Analyst Chat #124: Market Compass "Policy-Based Access Management"

Welcome to the KuppingerCole Analyst Chat. I'm your host. My name is Matthias Reinwarth, I'm Lead Advisor and Senior Analyst with KuppingerCole Analysts. My guest today is Graham Williamson. He joins us from Australia, working with us for KuppingerCole in Asia-Pacific. Hi, Graham. Good to see you.

It's good to be here Matthias. Thank you.

We're talking today because you've just recently completed a document, a research document called a Market Compass about Policy Based Access Control. What was it exactly and what was the market segment that you were looking at?

Okay. It was actually to update a Policy Based Access Control document that I did a couple of years ago. And we decided, we looked at a variety of names, and we decided on Policy Based Access Management because it's a bit more than just control. We need to actually manage our identities and manage our identities' access to the various resources that they should have so it's PBAM and it's a Market Compass.

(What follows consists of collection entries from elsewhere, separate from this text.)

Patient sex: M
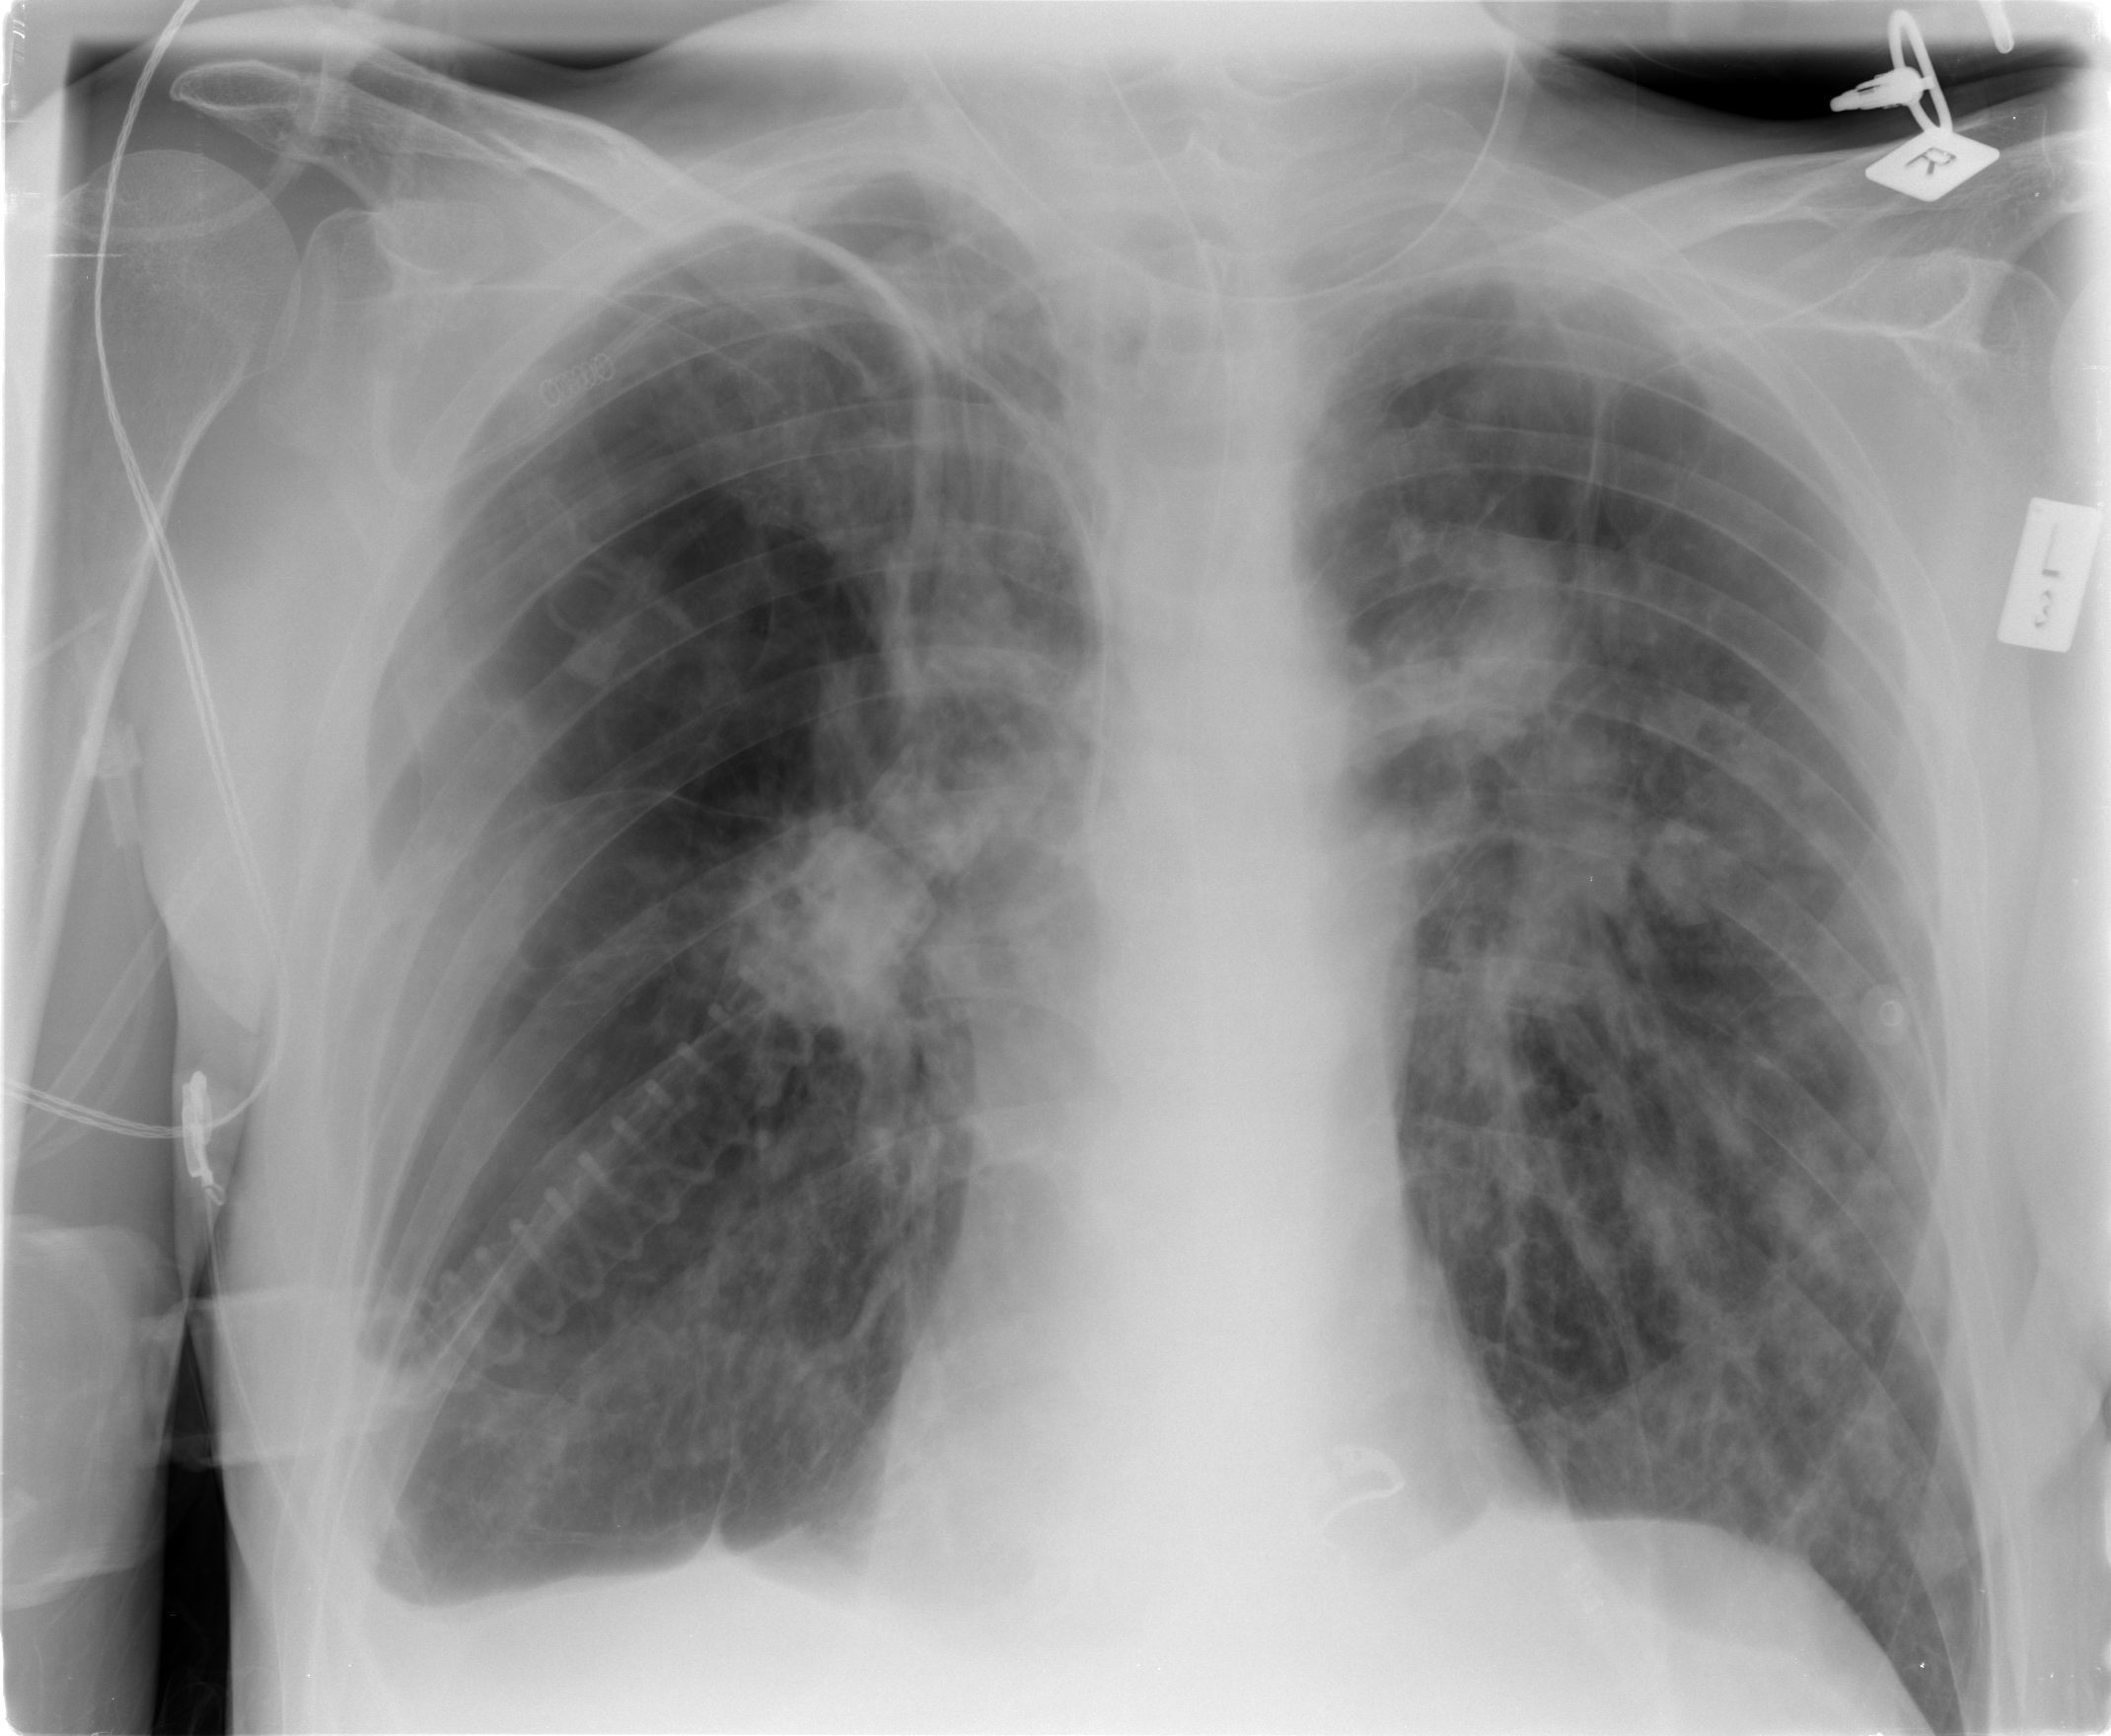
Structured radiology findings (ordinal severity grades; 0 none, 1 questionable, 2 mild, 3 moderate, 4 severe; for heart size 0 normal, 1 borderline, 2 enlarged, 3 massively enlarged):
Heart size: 0
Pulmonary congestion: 2
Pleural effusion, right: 2
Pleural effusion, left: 0
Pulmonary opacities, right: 2
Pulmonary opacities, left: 2
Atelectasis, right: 2
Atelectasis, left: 2

So it looks at a number of vendors in the space and gives a write up on each of them.

Right. So when you say it has changed since the first edition until the most recent edition, that you did previously, what has changed? You say that the management component has been added. We see Policy Based Access Control and Management, especially in the Zero Trust area. Has that been reflected also in that market? Is it growing?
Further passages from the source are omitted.